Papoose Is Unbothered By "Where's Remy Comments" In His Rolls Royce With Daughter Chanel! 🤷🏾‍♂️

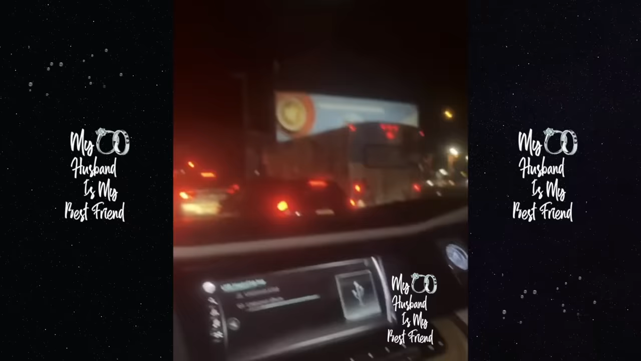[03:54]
This traffic is crazy It got me stuck like Chuck right now In this traffic man It ain't looking good
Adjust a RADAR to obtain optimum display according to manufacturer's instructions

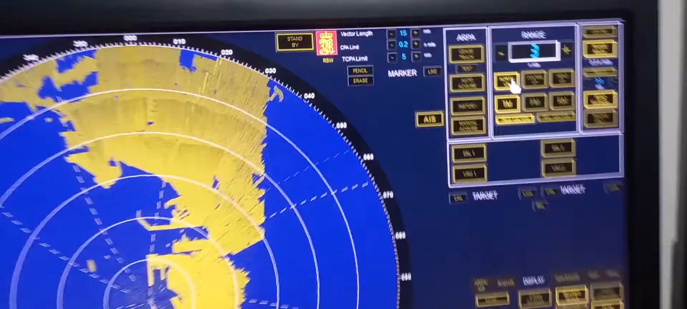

◆ **Task goal**: Copy out every line above without change, dropping the pictures.

◆ **Response for this exercise**:
Papoose Is Unbothered By "Where's Remy Comments" In His Rolls Royce With Daughter Chanel! 🤷🏾‍♂️

[03:54]
This traffic is crazy It got me stuck like Chuck right now In this traffic man It ain't looking good
Adjust a RADAR to obtain optimum display according to manufacturer's instructions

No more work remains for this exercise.